Peter Altmaier: In Hamburg gab es brutale Gewalt gegen Personen und Sachen. Nicht nur brennende Barrikaden. Auf Polizisten wurden Molotow-Cocktails, große Wackersteine und Eisenstangen geworfen, viele Polizisten wurden verletzt, einige schwer. Es ist ein Wunder, dass niemand zu Tode kam. Unbeteiligte Anwohner und Passanten wurden tätlich angegriffen. Es wurden Autos von Bürgern abgefackelt, auch von ambulanten Pflegediensten. Die Autos waren direkt an Häuserfassaden geparkt, es gab meterhohe Stichflammen, die auf die Häuser hätten übergreifen können. Menschen wurden in Todesangst versetzt, Kindergärten gaben Notrufe an die Eltern der Kinder ab.
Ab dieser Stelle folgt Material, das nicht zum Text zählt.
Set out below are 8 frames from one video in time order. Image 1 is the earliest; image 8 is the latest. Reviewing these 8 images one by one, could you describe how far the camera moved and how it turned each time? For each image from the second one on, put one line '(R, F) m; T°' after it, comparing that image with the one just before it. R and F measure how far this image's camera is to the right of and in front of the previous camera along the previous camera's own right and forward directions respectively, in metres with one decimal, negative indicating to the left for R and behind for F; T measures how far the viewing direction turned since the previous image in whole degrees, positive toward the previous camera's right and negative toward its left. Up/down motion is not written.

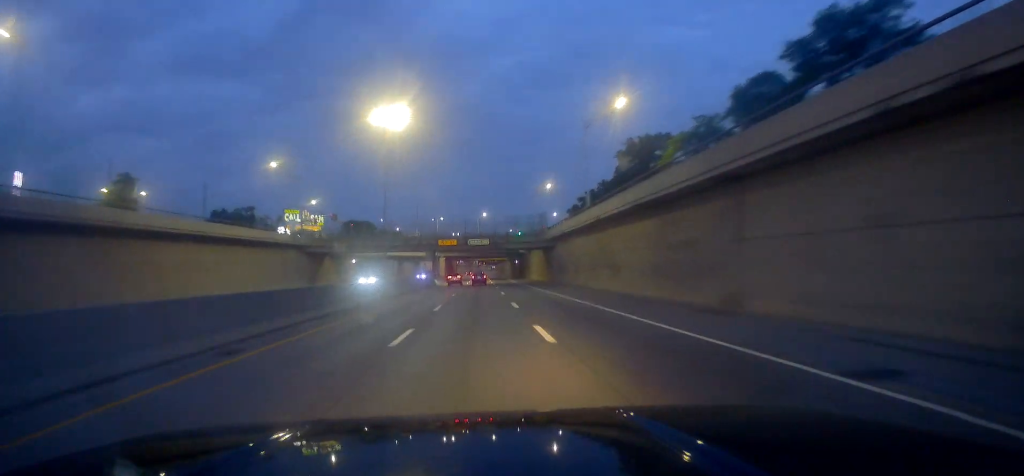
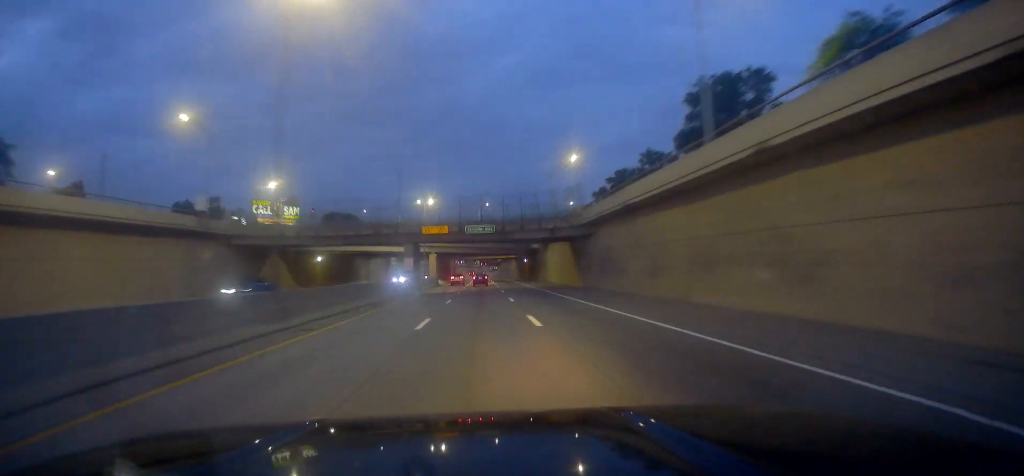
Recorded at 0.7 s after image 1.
(0.0, +24.3) m; 0°
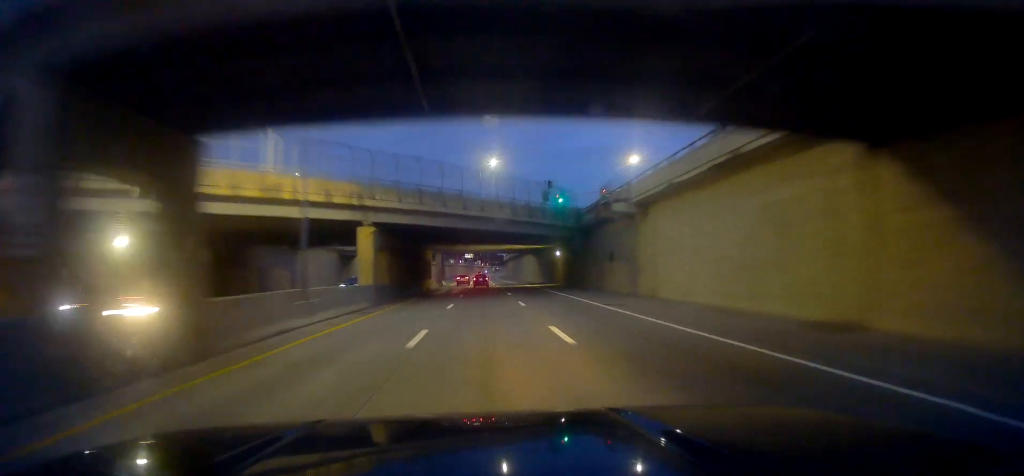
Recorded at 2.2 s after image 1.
(-0.5, +49.4) m; -1°
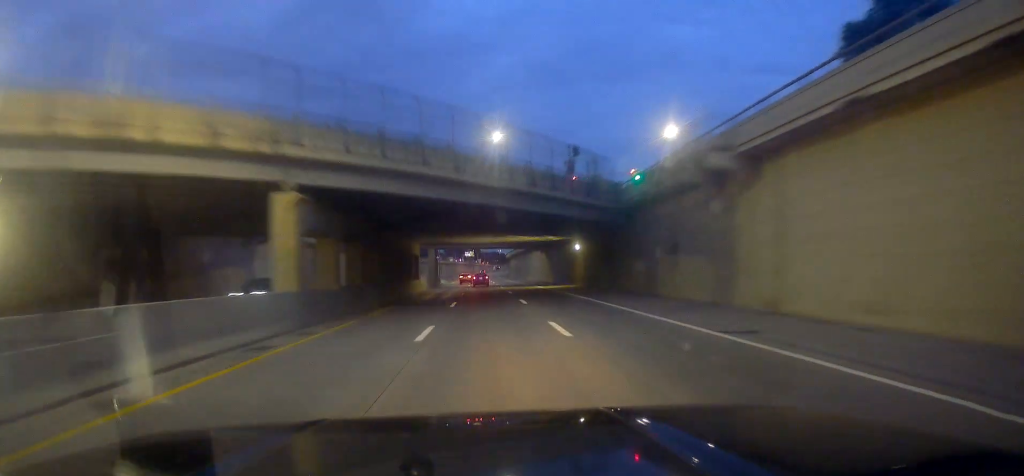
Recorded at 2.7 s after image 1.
(-0.1, +14.2) m; 0°
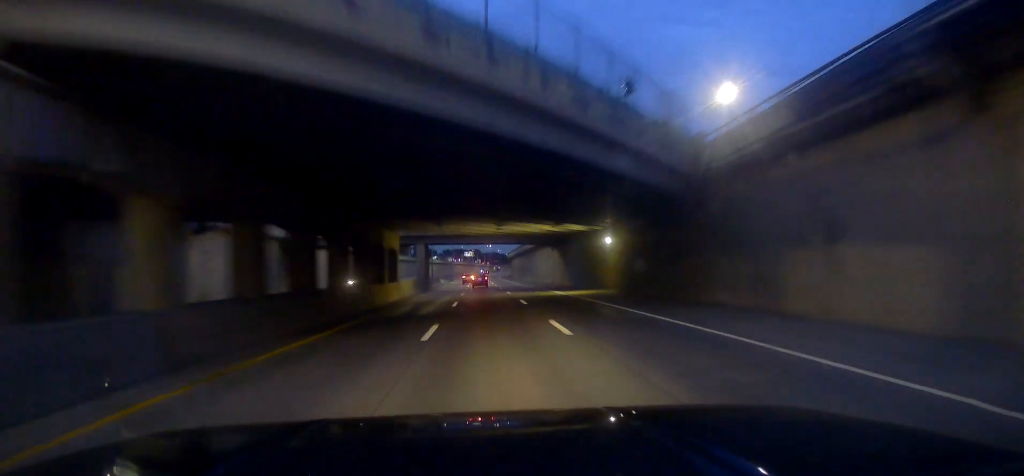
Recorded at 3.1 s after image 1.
(0.0, +14.2) m; 0°
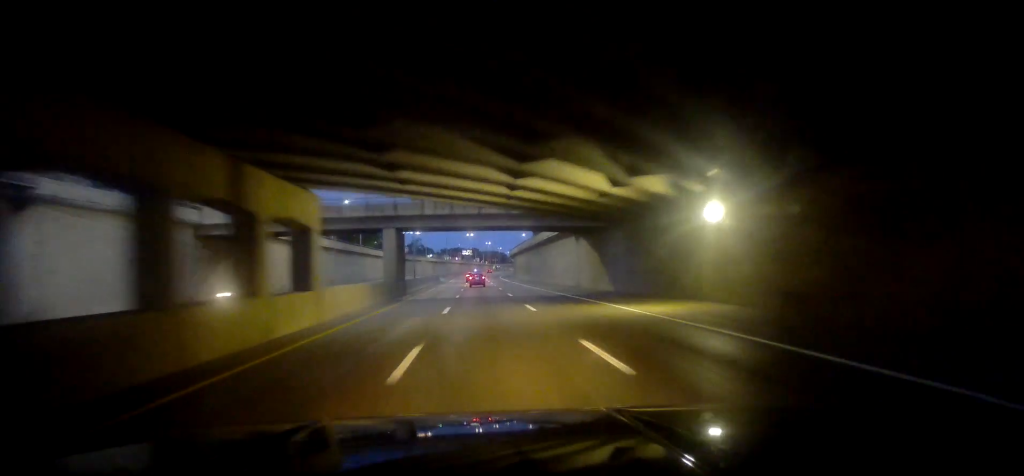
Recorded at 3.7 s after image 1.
(+0.2, +20.8) m; 0°
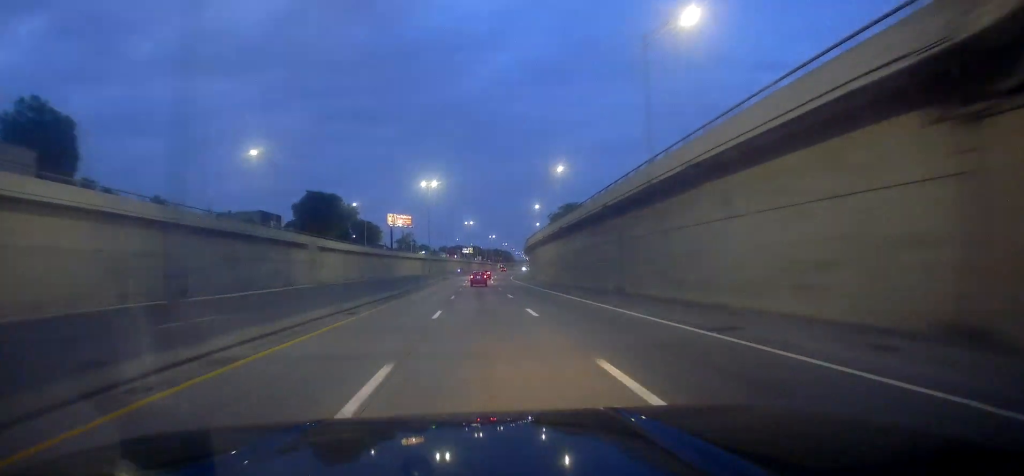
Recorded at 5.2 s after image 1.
(+0.1, +48.6) m; 0°
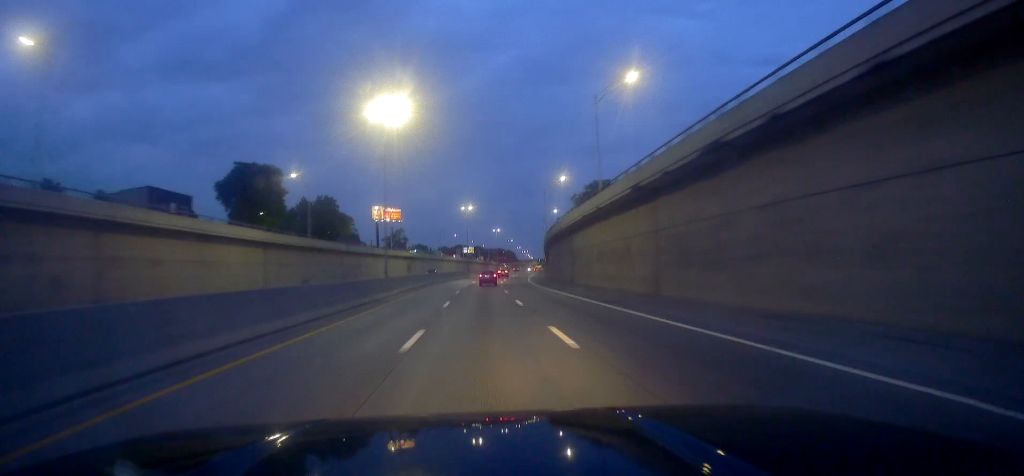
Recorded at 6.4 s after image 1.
(0.0, +40.0) m; -1°

Im Schanzenviertel sollte die Polizei offenbar sogar in eine tödliche Falle gelockt werden: Der schwarze Block hatte sich mit Gehwegplatten und Brandsätzen auf Hausdächer begeben, um diese auf die Polizisten hinabzuschleudern. All dies ist Terror, sonst nichts. Das sehen ganz offenbar auch der Vizekanzler und der SPD-Kanzlerkandidat ganz ähnlich: Beide haben ebenfalls von Terror gesprochen. Martin Schulz sogar von „Mordbrennern“.
Vielleicht hätten sie zur Klarstellung twittern sollen: „Der linksextreme Terror in Hamburg war so schlimm wie Terror von Rechtsextremen und Islamisten, abzüglich des Terrors von Rechtsextremen und Islamisten, über den wir seit Jahren sprechen, also Breitscheidplatz, Bataclan, IS und NSU.“
Ich habe in meinem Tweet keine konkreten Tatvergleiche gezogen, sondern allgemein den gerade beschriebenen Terror in Hamburg als so widerwärtig und schlimm bezeichnet „wie Terror von Rechtsextremen und Islamisten“. Dabei standen mir Beispiele rechtsextremer Brandanschläge auf Flüchtlingsunterkünfte, die gezielte Terrorisierung und Einschüchterung von Flüchtlingen sowie die Terroranschläge von Würzburg und Ansbach vor Augen.
Als erfahrener Politiker wissen Sie, was Sie mit Ihrem Tweet für Assoziationen hervorrufen: Bilder von mordenden Islamisten mit dem Untertitel: „Jetzt auch von Linksextremen“. Schafft die Union damit den Hintergrundsound für den neuen Wahlkampfschlager Linksterrorismus?
Auf solche „Wahlkampfschlager“ verzichte ich gerne! Aber ich finde es unakzeptabel und heuchlerisch, wenn plötzlich einige von denen, die bei jeder Gelegenheit von „rechtem“ Terror und Gewalt sprechen, nach Hamburg plötzlich erklären, wer Gewalttaten begehe, könne kein „Linker“ sein. Mir geht es darum, dass Gewalt gegen Personen gleich schlimm ist, egal ob sie von rechten, linken oder islamistischen Tätern begangen wird.
Zwischen 1990 und 2015 hat es zwischen 75 (Angaben der Bundesregierung) und 169 Todesopfer („Mut gegen rechte Gewalt“) durch rechtsextreme Gewalt gegeben. Ist es angesichts der Zahlen zulässig, rechten und linken Terror einfach gleichzusetzen?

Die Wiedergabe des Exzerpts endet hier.